-- THE TASK --
The answer must be every line of the records below that contains the word "place".

### EXTRACTED DATA ###

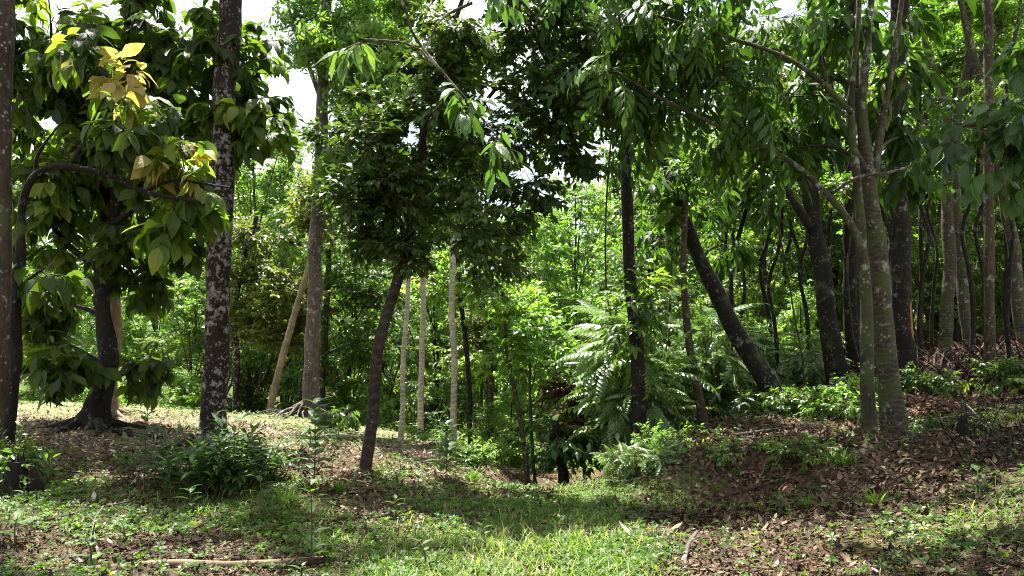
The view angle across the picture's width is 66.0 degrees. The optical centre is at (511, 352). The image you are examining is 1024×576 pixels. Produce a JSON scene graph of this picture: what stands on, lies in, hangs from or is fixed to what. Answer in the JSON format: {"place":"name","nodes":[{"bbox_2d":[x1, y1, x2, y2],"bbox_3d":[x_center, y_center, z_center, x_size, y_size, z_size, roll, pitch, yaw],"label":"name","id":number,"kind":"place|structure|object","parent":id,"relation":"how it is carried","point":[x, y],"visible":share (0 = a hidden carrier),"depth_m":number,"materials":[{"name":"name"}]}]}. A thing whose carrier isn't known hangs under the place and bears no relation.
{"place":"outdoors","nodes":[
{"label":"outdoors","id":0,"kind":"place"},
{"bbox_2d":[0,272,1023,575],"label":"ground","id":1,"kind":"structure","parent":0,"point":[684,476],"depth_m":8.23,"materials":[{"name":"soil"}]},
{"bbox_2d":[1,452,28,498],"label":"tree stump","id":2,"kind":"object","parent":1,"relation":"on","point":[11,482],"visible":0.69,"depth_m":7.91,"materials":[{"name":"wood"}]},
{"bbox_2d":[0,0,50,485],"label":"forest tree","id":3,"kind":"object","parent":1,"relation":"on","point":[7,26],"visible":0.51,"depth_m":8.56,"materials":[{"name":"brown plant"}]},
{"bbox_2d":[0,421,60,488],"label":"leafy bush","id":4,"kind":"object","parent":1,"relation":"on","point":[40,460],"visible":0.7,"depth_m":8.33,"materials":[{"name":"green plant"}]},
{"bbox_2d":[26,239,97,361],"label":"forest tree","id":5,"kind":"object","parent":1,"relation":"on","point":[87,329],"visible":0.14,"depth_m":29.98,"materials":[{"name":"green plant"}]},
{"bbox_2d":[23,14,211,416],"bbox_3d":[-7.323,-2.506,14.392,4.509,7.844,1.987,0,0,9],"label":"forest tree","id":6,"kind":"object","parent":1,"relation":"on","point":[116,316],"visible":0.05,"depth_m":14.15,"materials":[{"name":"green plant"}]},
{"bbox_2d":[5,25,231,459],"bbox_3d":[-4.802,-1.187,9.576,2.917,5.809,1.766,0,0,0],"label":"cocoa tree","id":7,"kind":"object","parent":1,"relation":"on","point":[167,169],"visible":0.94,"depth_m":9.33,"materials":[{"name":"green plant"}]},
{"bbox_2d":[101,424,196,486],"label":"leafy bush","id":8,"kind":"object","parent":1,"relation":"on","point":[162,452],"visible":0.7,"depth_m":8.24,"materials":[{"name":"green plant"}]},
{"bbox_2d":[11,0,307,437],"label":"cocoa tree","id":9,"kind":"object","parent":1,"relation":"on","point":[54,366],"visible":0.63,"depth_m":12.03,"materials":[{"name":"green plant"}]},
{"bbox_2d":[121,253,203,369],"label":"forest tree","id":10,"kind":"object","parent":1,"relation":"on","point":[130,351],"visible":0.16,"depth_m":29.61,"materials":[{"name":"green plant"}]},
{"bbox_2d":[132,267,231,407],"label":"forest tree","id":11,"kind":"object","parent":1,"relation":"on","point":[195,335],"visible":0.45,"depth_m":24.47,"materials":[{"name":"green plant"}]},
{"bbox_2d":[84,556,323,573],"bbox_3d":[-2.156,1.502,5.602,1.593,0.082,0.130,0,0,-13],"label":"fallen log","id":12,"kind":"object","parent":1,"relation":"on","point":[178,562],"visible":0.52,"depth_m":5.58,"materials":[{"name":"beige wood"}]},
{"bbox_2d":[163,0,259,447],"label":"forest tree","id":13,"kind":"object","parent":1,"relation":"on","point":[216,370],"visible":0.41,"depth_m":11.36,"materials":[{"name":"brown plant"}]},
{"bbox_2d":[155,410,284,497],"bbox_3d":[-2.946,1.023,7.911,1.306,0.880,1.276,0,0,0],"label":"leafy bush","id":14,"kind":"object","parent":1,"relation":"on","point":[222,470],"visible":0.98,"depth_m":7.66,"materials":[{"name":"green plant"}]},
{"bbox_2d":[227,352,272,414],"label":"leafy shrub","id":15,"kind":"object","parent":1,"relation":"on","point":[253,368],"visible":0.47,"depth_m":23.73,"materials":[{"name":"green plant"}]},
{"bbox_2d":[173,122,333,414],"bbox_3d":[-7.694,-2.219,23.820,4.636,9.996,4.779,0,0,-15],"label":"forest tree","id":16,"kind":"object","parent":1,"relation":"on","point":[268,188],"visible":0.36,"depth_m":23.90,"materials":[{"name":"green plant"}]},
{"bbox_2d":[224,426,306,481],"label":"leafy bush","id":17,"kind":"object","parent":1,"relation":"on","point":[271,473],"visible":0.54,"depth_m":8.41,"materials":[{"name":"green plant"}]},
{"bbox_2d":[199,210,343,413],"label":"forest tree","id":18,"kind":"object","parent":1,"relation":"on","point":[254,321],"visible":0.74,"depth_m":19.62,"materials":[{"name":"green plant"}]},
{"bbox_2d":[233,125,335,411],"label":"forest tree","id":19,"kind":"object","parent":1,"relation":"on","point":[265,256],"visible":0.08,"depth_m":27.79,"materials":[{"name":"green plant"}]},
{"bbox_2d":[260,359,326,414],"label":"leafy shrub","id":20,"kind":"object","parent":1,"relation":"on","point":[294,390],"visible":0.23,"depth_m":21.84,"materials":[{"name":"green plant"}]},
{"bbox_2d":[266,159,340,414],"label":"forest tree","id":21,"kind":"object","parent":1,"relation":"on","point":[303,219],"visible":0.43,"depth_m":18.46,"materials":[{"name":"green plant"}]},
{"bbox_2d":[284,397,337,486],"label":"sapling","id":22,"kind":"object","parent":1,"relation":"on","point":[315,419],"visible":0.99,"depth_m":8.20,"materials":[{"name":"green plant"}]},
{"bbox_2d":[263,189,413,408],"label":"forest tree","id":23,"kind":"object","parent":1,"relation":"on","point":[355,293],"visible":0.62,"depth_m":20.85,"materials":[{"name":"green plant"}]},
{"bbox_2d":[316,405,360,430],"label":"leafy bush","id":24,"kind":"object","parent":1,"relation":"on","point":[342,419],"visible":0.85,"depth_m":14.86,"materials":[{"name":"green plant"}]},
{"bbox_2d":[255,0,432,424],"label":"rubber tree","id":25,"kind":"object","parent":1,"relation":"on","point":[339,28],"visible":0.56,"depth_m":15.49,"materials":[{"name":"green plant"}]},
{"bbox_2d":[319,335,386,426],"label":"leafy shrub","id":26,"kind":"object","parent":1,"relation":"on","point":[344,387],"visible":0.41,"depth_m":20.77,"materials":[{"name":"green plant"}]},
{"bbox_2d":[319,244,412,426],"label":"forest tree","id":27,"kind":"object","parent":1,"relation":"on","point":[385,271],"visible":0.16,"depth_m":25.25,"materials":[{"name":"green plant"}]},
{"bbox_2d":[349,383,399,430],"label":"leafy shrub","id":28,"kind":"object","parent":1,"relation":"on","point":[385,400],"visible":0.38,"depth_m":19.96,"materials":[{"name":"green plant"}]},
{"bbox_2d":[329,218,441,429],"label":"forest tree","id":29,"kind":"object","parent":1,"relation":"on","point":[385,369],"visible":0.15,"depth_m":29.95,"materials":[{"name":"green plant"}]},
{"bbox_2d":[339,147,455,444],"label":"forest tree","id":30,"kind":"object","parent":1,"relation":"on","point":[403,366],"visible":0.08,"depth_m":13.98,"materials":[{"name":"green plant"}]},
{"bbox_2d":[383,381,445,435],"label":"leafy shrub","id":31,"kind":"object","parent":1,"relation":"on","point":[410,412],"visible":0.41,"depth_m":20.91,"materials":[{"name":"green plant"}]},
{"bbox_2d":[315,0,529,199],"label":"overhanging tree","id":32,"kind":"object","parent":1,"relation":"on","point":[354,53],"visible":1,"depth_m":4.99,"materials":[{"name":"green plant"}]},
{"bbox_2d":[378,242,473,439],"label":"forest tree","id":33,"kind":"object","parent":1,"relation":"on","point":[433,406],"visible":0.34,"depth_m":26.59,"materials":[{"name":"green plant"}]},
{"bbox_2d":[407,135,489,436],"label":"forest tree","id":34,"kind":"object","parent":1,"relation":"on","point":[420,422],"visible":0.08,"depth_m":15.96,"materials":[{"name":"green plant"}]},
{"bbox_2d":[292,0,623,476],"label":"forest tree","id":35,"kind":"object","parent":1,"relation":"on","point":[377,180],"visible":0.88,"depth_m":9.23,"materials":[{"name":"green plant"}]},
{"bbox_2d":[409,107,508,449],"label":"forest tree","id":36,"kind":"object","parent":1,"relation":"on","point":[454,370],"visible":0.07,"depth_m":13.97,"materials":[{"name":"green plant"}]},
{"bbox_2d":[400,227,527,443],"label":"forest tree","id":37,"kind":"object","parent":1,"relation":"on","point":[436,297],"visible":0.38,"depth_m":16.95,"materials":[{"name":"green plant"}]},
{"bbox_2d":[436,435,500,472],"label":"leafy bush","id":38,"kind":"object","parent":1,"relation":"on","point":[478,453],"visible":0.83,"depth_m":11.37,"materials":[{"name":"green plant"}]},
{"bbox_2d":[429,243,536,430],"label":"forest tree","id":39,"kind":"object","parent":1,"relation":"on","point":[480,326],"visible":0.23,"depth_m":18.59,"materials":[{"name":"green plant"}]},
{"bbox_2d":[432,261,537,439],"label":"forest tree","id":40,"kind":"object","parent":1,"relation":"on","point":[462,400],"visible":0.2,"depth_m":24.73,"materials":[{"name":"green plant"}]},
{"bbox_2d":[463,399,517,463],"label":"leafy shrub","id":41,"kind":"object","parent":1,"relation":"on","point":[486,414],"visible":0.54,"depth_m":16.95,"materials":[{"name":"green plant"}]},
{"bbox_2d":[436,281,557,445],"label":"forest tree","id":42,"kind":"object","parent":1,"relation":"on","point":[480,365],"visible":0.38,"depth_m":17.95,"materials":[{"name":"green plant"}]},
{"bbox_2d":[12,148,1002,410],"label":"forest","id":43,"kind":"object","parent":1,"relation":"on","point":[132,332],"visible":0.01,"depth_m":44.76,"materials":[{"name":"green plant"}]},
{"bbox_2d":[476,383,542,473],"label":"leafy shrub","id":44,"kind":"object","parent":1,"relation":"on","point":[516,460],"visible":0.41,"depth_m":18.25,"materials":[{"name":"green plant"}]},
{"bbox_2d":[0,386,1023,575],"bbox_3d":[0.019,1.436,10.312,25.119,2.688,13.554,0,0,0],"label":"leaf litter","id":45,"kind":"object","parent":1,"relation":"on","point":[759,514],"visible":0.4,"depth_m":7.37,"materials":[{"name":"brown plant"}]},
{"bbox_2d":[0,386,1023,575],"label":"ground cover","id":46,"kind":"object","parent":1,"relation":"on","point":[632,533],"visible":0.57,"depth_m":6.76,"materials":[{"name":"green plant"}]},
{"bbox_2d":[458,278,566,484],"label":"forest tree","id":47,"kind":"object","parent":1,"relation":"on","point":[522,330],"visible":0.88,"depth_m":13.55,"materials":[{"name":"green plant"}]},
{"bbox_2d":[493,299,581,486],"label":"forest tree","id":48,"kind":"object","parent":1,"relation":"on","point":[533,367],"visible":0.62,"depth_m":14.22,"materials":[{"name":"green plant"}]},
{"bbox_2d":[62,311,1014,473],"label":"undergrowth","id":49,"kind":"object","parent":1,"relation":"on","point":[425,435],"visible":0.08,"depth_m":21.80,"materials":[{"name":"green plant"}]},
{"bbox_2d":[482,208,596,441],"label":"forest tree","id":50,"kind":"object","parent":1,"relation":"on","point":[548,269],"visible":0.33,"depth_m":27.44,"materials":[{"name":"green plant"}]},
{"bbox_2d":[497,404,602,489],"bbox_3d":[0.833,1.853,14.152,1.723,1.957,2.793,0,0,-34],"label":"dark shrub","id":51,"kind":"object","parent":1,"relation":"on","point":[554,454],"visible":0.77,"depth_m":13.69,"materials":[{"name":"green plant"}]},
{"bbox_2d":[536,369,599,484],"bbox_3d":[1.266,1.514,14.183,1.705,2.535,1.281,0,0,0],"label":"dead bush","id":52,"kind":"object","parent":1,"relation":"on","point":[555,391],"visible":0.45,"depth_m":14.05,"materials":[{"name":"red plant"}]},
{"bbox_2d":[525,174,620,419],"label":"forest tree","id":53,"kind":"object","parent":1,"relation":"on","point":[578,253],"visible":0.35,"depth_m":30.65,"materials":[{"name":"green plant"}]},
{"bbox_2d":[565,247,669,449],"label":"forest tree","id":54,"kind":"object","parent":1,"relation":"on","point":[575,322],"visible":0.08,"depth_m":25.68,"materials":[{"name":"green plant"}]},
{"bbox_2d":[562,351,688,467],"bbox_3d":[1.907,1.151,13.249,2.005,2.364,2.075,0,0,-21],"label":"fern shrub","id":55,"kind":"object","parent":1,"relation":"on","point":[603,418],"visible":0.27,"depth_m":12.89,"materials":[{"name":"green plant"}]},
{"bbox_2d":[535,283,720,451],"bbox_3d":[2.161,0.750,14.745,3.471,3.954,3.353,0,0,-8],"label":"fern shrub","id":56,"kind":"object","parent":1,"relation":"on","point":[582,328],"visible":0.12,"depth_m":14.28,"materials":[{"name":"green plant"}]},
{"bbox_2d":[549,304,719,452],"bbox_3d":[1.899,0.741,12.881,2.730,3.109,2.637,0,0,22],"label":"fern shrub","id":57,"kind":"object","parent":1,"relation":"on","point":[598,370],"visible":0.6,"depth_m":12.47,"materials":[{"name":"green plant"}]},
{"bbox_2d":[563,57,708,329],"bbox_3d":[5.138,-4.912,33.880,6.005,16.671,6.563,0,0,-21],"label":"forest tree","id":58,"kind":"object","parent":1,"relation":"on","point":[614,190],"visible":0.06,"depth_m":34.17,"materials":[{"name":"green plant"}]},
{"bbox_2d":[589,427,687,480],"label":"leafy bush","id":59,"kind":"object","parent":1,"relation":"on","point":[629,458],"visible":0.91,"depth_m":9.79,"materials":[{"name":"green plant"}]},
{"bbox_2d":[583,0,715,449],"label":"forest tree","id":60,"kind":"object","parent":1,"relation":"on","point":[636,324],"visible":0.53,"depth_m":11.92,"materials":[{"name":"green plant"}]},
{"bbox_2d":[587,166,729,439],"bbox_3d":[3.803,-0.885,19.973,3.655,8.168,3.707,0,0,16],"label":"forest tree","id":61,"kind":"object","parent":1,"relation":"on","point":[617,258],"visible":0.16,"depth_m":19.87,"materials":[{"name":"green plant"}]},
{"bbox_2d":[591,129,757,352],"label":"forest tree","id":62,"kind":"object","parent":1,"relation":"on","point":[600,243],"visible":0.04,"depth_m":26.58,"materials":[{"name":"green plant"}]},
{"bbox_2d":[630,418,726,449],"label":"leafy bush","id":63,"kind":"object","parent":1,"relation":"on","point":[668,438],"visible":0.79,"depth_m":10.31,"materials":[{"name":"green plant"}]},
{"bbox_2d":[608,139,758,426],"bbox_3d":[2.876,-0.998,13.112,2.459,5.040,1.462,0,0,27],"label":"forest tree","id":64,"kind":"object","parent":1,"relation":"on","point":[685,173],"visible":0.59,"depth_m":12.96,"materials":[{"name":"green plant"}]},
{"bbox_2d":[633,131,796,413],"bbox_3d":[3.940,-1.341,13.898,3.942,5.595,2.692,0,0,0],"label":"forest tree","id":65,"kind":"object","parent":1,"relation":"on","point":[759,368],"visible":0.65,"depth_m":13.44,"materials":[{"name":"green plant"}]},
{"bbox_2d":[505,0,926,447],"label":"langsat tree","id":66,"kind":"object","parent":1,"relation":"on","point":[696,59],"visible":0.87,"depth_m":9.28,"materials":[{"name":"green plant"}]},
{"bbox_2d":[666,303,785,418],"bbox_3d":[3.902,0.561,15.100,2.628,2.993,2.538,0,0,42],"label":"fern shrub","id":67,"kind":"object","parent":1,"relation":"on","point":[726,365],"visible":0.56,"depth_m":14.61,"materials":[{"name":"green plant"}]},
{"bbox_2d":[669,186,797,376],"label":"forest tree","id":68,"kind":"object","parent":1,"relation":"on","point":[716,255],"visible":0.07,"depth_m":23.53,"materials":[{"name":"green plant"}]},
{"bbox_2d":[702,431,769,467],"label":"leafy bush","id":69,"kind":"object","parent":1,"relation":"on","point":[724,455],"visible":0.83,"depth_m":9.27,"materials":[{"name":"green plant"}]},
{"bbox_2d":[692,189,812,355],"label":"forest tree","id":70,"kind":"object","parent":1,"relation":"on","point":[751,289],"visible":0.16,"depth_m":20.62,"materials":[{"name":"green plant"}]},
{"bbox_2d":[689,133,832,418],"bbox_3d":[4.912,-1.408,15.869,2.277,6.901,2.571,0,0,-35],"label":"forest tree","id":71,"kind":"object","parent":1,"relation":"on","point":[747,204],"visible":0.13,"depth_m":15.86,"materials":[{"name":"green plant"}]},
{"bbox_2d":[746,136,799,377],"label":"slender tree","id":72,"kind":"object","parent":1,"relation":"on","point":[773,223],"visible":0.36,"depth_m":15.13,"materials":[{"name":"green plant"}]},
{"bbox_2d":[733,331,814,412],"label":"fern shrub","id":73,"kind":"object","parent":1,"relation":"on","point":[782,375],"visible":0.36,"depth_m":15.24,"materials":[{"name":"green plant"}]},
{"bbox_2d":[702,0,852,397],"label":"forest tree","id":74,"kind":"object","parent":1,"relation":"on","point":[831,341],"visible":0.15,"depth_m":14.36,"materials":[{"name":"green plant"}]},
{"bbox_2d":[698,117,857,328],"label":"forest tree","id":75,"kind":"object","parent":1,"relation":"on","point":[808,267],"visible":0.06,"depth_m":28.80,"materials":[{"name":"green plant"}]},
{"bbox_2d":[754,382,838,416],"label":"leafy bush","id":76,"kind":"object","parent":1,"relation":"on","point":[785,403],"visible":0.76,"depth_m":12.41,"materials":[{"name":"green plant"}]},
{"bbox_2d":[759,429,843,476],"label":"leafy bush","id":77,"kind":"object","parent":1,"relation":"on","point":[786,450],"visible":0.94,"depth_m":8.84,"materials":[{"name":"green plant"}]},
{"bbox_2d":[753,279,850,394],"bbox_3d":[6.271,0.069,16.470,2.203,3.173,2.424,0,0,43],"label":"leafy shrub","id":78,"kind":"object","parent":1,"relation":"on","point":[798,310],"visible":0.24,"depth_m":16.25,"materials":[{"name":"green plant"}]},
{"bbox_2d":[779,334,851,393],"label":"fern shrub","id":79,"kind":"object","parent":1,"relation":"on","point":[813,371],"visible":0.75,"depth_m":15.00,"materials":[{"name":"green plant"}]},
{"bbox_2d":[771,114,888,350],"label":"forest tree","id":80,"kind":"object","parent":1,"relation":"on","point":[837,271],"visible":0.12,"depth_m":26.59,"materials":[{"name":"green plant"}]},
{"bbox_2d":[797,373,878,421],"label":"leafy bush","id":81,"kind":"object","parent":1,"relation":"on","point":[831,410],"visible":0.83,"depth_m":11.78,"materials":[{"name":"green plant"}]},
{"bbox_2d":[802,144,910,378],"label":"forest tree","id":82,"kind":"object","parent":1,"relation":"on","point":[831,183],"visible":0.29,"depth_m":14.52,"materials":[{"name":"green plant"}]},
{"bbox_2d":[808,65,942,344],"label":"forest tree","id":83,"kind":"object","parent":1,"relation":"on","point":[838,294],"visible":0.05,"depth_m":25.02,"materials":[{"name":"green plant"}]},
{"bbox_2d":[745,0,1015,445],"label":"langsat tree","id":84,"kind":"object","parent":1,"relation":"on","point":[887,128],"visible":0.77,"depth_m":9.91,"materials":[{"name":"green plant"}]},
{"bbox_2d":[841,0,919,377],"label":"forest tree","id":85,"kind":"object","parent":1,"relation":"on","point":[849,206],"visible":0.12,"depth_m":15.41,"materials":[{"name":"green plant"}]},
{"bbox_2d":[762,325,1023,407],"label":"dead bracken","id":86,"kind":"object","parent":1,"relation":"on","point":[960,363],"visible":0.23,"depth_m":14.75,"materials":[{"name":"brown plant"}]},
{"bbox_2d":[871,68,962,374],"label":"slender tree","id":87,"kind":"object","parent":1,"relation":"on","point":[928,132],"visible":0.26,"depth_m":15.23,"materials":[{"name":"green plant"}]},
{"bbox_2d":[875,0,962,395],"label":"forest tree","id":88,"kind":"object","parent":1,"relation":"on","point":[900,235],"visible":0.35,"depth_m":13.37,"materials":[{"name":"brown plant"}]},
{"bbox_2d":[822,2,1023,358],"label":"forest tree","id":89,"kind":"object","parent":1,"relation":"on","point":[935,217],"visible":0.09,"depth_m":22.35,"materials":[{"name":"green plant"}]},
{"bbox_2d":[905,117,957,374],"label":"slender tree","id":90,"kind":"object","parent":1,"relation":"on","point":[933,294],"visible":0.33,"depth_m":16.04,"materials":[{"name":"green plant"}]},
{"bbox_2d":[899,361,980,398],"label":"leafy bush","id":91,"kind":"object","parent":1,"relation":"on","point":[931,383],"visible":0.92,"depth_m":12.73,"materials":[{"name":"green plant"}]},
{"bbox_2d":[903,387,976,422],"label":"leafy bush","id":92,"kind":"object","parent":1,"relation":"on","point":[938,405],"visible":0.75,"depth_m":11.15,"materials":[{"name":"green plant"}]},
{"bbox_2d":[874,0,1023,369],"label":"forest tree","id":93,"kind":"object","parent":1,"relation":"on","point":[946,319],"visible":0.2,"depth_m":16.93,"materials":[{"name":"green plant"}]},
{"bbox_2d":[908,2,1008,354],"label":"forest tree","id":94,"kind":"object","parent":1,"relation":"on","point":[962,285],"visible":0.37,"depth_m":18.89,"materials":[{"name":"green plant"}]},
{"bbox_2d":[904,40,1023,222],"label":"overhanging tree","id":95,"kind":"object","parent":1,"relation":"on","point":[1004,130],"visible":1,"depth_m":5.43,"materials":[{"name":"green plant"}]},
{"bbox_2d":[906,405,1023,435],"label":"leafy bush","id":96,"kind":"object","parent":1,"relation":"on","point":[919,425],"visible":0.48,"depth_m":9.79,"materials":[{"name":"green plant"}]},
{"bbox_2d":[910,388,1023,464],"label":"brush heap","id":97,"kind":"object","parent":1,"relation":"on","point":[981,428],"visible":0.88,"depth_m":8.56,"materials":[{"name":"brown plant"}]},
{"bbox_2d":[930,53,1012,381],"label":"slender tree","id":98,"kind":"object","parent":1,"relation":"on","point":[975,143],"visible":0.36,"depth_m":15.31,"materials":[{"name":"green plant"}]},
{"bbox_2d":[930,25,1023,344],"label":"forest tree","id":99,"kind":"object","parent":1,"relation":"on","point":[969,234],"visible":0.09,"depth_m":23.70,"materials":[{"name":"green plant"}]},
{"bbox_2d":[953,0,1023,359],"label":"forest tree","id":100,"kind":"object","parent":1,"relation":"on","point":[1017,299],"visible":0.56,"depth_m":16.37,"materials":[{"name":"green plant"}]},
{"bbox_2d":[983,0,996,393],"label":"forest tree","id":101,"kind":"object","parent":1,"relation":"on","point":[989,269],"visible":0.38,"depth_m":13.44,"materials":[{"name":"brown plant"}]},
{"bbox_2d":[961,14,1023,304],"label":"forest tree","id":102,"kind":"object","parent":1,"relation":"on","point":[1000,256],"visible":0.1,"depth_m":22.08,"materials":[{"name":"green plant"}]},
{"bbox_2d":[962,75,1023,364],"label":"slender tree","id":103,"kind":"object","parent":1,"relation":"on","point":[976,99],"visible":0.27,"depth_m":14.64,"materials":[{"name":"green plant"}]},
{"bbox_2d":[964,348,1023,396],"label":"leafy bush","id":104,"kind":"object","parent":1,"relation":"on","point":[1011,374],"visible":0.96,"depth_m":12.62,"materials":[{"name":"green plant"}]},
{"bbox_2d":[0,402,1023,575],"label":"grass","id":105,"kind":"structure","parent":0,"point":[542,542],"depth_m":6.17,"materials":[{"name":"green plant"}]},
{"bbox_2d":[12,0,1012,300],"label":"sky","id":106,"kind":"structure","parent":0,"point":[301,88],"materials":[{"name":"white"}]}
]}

###

-- SOLVED EXERCISE --
The view angle across the picture's width is 66.0 degrees. The optical centre is at (511, 352). The image you are examining is 1024×576 pixels. Produce a JSON scene graph of this picture: what stands on, lies in, hangs from or is fixed to what. Answer in the JSON format: {"place":"name","nodes":[{"bbox_2d":[x1, y1, x2, y2],"bbox_3d":[x_center, y_center, z_center, x_size, y_size, z_size, roll, pitch, yaw],"label":"name","id":number,"kind":"place|structure|object","parent":id,"relation":"how it is carried","point":[x, y],"visible":share (0 = a hidden carrier),"depth_m":number,"materials":[{"name":"name"}]}]}. A thing whose carrier isn't known hangs under the place and bears no relation.
{"place":"outdoors","nodes":[
{"label":"outdoors","id":0,"kind":"place"},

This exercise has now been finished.